I was watching Monday Night Countdown on ESPN the other evening when Trent Dilfer and Steve Young began talking about Sam Bradford and his struggles in the red zone. And, of course, I brought the conversation home to South Florida.

To Chad Henne.

To the Miami Dolphins' offense.

And to their red zone problems so far this season.

"You don't make your money in between the 20s," Dilfer said of playing QB. "You make your money from the 20 in against pressure."

Young, a Hall of Famer, agreed.

"The easiest thing to do is go between the 20s [but] inside the 20s is graduate work," he said. " .. you got to realize that for a lot of players that's the final step for them -- how to put it in the end zone. Because nobody is really ever open in the red zone.
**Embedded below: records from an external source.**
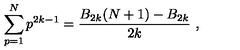
\sum _ { p = 1 } ^ { N } p ^ { 2 k - 1 } = { \frac { B _ { 2 k } ( N + 1 ) - B _ { 2 k } } { 2 k } } \ ,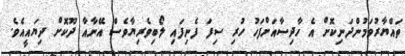
ތައްޔާރުވަމުންދަނިކޮށް އެ ހާދިސާއަށްފަހު ހުރި ސިފަ ފެނިފައި ލޯބިވެރިޔާވެސް އޭނާއާ ދޫކޮށް ދިޔައީއެވެ.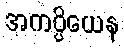
အကပ္ပိယေန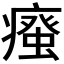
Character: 𭼦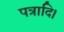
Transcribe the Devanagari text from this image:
पत्रादि।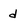
Character: d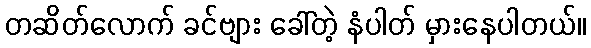
တဆိတ်လောက် ခင်ဗျား ခေါ်တဲ့ နံပါတ် မှားနေပါတယ်။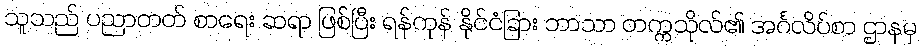
သူသည် ပညာတတ် စာရေး ဆရာ ဖြစ်ပြီး ရန်ကုန် နိုင်ငံခြား ဘာသာ တက္ကသိုလ်၏ အင်္ဂလိပ်စာ ဌာနမှ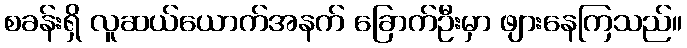
စခန်းရှိ လူဆယ်ယောက်အနက် ခြောက်ဦးမှာ ဖျားနေကြသည်။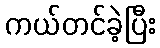
ကယ်တင်ခဲ့ပြီး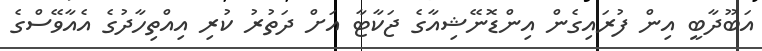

It's not just against the blitz but also zone.

"A lot of times young quarterbacks will say, 'Read the defense, do a nice job, drop the ball down, and kick a field goal.' And after about 16 field goals in a row you realize that's not the job. You have to throw somebody open."

Again, they were talking about Sam Bradford. But it all applies to Henne and his play so far in 2011. He's had relatively high success moving the team up and down the field between the 20s. But inside the 20s, the Dolphins are ranked No. 31 in the NFL with an unacceptable 60 percent scoring percentage.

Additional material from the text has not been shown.